[Source records]
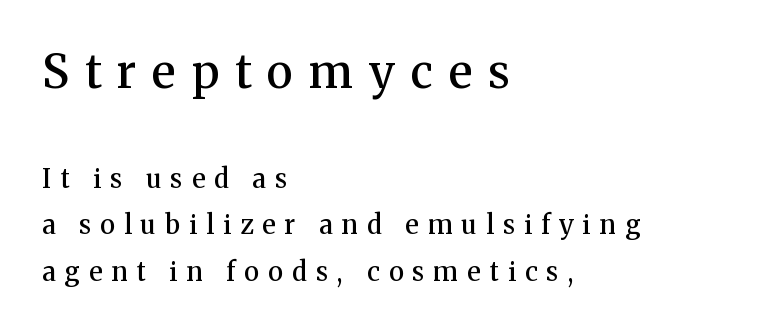
Q: Is the text bold? A: Semi-bold.
Q: Is the text italic (slanted)? A: No, it is upright.
Q: Is the typeface a serif or a sans-serif typeface? A: Serif.
Q: Is the text underlined? A: No.
Q: How is the paragraph aligned? A: Left-aligned.
Q: Is the spacing between letters normal or unusually wide? A: Unusually wide.
Q: Which block of text is set in a larger size, the first (top) or the second (bottom)? A: The first (top) one.
Q: Width (condensed, normal, or wide)? A: Normal.
Q: Stroke contrast? A: Medium.
Q: x-height? A: Medium.
Q: Monospaced? A: No.
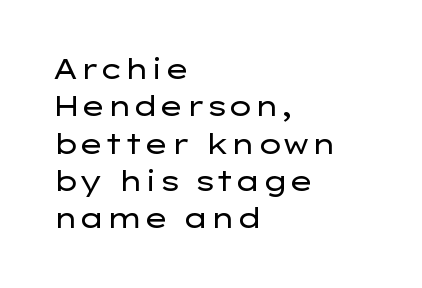
{"italic": "no", "bold": "no", "underline": "no", "align": "left", "line_spacing": "normal", "line_spacing_ratio": 1.38, "letter_spacing": "normal", "letter_spacing_em": 0.0, "glyph_px": 27}
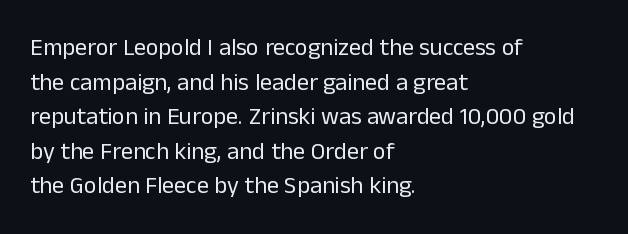
The image shows 24 px text type, upright; set left-aligned, normal line spacing (1.44x), normal letter spacing, not underlined.

## EXERCISE GOAL
Retype the data exactly as it stands, but keep the images out of your copy.

## REPLY TO THE EXERCISE
Q: Is the text bold? A: Semi-bold.
Q: Is the text italic (slanted)? A: No, it is upright.
Q: Is the typeface a serif or a sans-serif typeface? A: Serif.
Q: Is the text underlined? A: No.
Q: How is the paragraph aligned? A: Left-aligned.
Q: Is the spacing between letters normal or unusually wide? A: Unusually wide.
Q: Which block of text is set in a larger size, the first (top) or the second (bottom)? A: The first (top) one.
Q: Width (condensed, normal, or wide)? A: Normal.
Q: Stroke contrast? A: Medium.
Q: x-height? A: Medium.
Q: Monospaced? A: No.
{"italic": "no", "bold": "no", "underline": "no", "align": "left", "line_spacing": "normal", "line_spacing_ratio": 1.38, "letter_spacing": "normal", "letter_spacing_em": 0.0, "glyph_px": 27}
The image shows 24 px text type, upright; set left-aligned, normal line spacing (1.44x), normal letter spacing, not underlined.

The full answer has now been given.